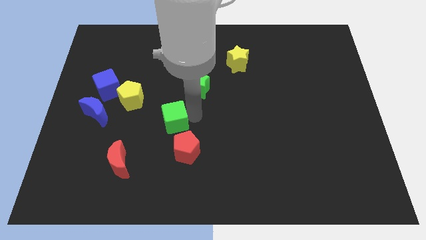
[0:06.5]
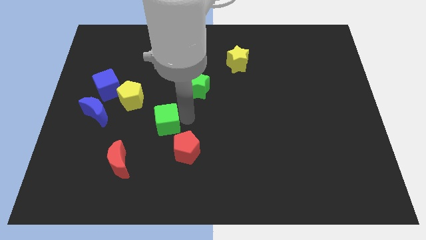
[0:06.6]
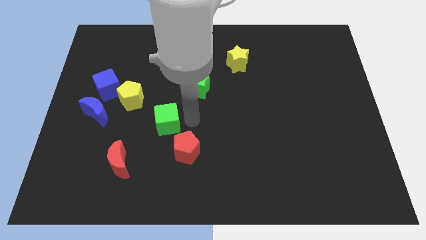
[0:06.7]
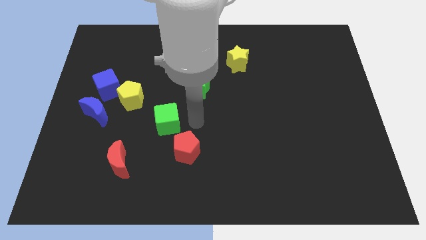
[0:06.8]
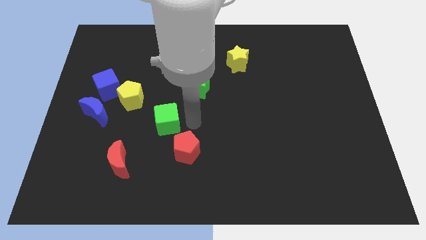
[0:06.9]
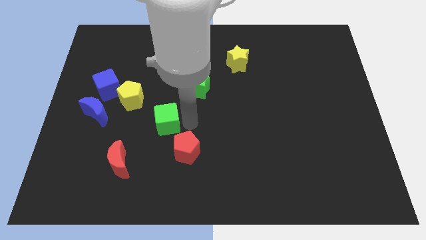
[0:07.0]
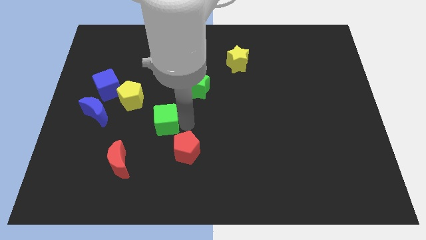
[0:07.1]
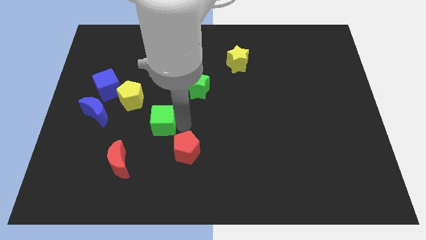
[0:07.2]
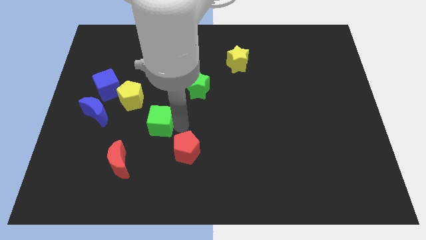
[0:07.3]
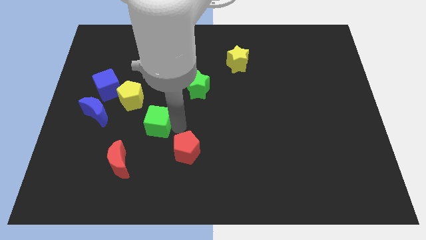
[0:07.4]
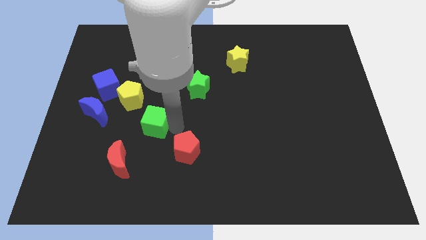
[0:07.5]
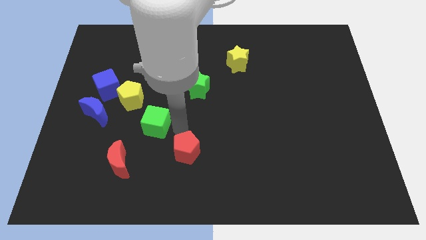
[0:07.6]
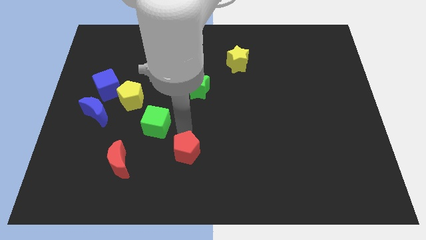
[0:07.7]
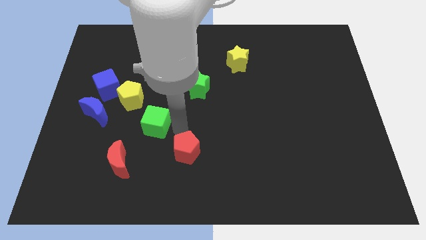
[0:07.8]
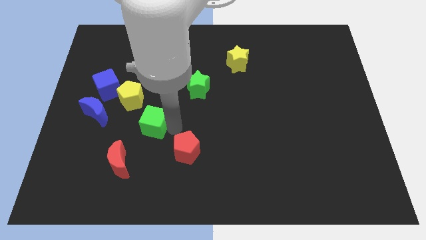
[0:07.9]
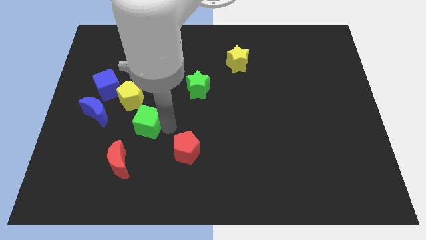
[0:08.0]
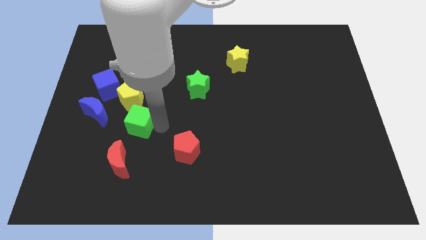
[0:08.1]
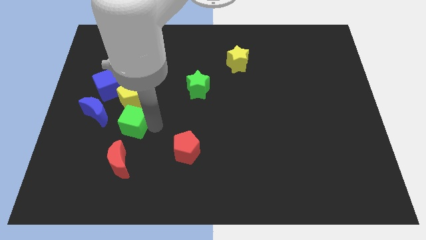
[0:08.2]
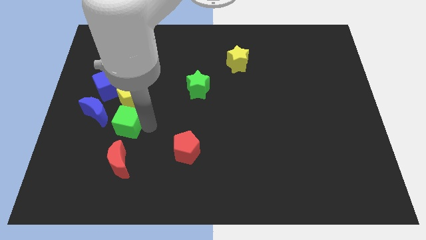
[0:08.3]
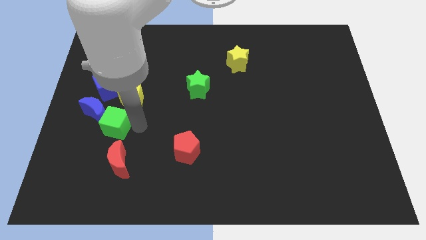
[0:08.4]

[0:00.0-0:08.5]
*-*-*
:: What is needed ::
Except for the pictures, copy every line of the records above exactly.

:: Task output ::
[0:06.5]
[0:06.6]
[0:06.7]
[0:06.8]
[0:06.9]
[0:07.0]
[0:07.1]
[0:07.2]
[0:07.3]
[0:07.4]
[0:07.5]
[0:07.6]
[0:07.7]
[0:07.8]
[0:07.9]
[0:08.0]
[0:08.1]
[0:08.2]
[0:08.3]
[0:08.4]

[0:00.0-0:08.5]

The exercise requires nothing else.